El capitalismo y el patriarcado están disputándose su potestad sobre la infancia, día a día, con otras maneras y sistemas. Entonces, ellos quieren asegurarse que son ellos quienes crían a los niños. Lo peligroso es que saben que una travesti jamás podría perpetuar sus sistemas de control. Quiero pensar románticamente: para mí nunca las travestis trabajarían para el capitalismo. Eso es lo que les molesta. Ellos temen perder el control de este orden que les otorga sus privilegios. Pero también les atemoriza la idea de que existan familias creadas por instintos, sentimientos y emociones tan subversivas como el amor.
La narradora se pregunta cuántas veces ha escrito la palabra “violencia”. Veinte años después de lo contado en el libro, ¿qué tanto se sigue escribiendo hoy esa palabra?
Todos los días seguimos hablando de muertas nuevas. Estamos inmersos en un sistema muy violento. La violencia sigue allí, pero ha aumentado la complicidad de nosotras y otros sectores de la sociedad. Esto ha sido posible gracias a todas nosotras: la que sale a la calle a comprar la verdura, la que se prostituye, la que va a un local de ropa a dejar su currículo por primera vez, la que cuenta en su casa que ha decidido travestirse, la que escribe libros, la que canta, la que actúa, la que construye un nuevo tipo de conocimiento. Todas estamos creando una complicidad animalesca en las que resistimos y decimos “miren, no somos genocidas ni violadoras, no abusamos de los niños, no le robamos a nadie”. La violencia sigue estando y se ha recrudecido.
Las travestis narradas encuentran en el humor ácido una forma de hablar y convivir. ¿Cómo generan vínculos estos lenguajes particulares?

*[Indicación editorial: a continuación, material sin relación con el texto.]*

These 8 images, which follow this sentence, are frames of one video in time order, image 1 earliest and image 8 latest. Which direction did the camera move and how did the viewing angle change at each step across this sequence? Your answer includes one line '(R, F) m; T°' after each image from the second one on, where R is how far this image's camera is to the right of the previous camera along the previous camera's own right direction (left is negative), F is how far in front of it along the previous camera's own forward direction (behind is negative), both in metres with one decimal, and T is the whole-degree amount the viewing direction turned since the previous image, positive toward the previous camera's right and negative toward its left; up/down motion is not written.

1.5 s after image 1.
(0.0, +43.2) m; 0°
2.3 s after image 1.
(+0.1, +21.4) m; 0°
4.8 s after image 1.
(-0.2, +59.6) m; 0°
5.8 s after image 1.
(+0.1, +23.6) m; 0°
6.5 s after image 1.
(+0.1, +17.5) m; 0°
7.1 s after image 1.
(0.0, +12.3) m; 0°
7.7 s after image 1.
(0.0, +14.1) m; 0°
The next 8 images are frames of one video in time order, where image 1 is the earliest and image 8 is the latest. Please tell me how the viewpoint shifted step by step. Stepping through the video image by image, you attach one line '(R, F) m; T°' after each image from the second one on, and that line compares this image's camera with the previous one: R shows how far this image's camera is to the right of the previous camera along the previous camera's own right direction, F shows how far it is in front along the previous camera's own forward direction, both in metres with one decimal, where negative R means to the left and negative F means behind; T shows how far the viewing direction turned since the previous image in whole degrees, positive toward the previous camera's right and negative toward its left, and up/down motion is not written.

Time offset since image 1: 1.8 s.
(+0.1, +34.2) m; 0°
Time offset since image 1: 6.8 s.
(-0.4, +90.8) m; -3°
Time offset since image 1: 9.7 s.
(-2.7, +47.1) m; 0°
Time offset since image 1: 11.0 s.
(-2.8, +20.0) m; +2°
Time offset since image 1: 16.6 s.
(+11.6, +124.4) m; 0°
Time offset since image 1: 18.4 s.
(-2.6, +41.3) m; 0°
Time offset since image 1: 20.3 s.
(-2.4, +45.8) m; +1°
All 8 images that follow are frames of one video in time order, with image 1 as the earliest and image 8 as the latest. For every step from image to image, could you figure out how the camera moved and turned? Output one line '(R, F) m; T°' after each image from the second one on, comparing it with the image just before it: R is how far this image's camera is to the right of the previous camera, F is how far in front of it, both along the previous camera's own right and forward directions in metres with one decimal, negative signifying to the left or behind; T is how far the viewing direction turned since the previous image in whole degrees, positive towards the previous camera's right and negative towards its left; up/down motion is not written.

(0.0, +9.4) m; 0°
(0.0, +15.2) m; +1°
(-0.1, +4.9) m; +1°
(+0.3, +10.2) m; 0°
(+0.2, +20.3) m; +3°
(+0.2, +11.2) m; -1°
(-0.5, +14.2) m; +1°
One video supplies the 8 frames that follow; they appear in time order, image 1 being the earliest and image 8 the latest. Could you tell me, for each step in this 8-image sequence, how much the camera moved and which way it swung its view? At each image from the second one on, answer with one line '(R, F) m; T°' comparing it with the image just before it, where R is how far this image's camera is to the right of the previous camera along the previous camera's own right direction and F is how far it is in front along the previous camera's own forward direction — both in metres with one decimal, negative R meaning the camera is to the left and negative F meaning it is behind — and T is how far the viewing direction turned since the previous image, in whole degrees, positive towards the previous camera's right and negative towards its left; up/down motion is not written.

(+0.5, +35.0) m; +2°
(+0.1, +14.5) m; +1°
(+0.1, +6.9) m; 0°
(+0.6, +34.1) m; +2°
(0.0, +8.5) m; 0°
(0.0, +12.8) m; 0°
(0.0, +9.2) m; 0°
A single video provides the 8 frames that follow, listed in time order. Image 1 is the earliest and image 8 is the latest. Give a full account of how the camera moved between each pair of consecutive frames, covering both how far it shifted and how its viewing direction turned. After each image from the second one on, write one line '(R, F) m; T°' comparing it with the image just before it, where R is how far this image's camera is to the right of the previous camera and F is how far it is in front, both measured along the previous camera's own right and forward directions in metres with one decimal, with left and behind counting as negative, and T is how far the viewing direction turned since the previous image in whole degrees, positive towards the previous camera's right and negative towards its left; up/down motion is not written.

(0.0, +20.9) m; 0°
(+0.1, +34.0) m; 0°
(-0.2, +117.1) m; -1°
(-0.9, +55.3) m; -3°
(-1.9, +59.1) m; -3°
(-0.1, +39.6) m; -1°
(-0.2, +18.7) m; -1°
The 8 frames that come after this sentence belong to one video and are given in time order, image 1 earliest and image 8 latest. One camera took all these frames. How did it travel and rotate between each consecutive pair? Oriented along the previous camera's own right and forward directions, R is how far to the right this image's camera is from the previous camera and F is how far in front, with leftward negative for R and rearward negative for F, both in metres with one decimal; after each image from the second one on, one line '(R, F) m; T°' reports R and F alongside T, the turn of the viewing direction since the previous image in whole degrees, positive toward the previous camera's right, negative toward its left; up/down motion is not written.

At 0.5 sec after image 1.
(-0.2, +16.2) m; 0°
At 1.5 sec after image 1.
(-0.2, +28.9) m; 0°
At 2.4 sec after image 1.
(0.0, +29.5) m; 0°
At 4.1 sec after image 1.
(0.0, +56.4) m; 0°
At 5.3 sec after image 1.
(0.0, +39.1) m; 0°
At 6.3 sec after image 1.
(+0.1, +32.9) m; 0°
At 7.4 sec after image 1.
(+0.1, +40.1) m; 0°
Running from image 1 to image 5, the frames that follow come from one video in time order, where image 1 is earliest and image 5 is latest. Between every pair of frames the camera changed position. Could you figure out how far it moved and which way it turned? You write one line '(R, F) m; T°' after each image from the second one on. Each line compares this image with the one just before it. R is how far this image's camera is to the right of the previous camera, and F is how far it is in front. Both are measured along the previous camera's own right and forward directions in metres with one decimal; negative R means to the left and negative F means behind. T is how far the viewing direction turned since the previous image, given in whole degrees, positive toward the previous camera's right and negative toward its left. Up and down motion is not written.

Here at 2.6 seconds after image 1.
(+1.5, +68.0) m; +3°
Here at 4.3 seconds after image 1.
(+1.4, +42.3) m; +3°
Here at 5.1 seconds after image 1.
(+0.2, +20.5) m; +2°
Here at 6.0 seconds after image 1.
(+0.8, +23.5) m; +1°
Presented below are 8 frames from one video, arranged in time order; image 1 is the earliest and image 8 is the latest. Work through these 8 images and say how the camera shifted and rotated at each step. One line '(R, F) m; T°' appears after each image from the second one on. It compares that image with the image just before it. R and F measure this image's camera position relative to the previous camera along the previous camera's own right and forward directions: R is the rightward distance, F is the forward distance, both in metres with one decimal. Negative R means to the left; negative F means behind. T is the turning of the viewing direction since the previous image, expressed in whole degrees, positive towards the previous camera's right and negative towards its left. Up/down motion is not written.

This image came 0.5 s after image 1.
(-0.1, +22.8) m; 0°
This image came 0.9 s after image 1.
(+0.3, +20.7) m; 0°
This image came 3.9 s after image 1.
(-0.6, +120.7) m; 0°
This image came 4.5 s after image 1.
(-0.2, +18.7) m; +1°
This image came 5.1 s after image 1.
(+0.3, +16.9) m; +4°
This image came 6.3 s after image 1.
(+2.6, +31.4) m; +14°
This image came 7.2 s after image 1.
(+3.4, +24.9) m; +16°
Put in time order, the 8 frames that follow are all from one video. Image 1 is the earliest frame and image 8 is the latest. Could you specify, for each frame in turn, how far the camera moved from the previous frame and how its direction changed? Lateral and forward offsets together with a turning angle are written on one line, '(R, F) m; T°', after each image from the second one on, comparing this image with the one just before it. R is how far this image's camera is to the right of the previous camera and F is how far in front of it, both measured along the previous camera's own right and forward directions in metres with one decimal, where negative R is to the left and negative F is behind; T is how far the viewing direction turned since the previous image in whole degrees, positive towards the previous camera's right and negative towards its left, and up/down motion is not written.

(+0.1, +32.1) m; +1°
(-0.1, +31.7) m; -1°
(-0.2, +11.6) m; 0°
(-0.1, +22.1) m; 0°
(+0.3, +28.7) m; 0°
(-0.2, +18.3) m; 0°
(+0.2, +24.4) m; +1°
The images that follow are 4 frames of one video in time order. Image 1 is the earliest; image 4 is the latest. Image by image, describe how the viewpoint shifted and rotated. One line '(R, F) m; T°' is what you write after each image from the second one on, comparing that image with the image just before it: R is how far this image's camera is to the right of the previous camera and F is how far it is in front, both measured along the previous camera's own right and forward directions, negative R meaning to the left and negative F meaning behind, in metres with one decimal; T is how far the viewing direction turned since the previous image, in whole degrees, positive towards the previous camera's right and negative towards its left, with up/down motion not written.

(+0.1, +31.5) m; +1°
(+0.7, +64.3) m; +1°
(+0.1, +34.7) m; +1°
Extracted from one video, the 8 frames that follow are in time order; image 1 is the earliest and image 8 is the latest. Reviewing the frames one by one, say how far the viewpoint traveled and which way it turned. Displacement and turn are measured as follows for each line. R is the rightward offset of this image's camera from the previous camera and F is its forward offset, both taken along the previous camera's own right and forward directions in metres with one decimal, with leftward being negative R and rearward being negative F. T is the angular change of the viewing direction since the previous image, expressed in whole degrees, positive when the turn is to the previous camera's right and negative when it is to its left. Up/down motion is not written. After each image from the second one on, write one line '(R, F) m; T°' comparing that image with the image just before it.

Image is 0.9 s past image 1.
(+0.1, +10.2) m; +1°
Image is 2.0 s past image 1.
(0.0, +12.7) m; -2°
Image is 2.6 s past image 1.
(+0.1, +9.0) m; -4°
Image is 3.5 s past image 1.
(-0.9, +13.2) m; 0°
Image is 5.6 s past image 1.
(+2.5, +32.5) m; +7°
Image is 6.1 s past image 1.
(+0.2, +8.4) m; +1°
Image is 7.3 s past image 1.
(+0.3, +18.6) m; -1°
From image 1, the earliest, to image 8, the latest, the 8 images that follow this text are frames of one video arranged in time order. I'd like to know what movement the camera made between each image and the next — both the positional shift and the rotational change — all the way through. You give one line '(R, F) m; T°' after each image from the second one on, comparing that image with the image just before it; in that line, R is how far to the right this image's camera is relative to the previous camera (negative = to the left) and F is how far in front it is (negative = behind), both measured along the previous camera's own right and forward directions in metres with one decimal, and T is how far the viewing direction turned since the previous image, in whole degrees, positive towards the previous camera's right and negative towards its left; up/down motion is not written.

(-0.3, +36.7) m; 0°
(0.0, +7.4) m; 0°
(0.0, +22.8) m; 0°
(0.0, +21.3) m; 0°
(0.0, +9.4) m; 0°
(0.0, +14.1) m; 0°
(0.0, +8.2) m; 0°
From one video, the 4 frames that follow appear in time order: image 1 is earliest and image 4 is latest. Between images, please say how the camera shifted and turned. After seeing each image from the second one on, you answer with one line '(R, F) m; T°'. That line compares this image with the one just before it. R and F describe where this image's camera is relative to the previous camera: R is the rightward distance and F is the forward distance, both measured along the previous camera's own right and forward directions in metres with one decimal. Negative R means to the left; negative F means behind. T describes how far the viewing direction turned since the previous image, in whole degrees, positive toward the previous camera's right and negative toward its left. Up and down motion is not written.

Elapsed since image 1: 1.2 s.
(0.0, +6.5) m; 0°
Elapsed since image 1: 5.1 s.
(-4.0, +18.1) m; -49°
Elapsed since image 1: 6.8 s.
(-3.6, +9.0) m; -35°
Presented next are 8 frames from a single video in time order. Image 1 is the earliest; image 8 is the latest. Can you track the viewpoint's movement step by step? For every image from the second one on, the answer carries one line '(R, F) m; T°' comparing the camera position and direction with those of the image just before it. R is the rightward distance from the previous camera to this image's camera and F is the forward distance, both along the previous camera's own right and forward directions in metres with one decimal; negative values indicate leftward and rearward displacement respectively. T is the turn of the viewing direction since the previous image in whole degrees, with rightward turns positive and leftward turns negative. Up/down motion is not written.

Creo que una de las visiones más reduccionistas sobre el tema es decir “nosotras nos tratábamos así para anestesiarnos del dolor”. Es decir, que ejercíamos entre nosotras una crueldad para hacerle frente a la crueldad de afuera. El año pasado leí Claus y Lucas, de Agota Kristoff, y puede que haya algún tipo de interpretación de que, como en el libro, nos estábamos entrenando para desensibilizarnos. Pero, y puede que esté equivocada, creo que tiene que ver con que sabíamos que el lenguaje es lo más poderoso que existe. Nosotras con la palabra podíamos jugar de formas insospechadas para los demás. Decíamos las cosas más terribles con la mayor ternura y las cosas más tiernas de formas filosas, hirientes. Inventábamos palabras, teníamos códigos secretos, apodos que nos pertenecían. El hecho de no tener un solo privilegio nos volvía muy inteligentes y pronto nos dimos cuenta de que el lenguaje era lo único que nos pertenecía de verdad. Por eso lo ocupábamos como mejor nos parecía.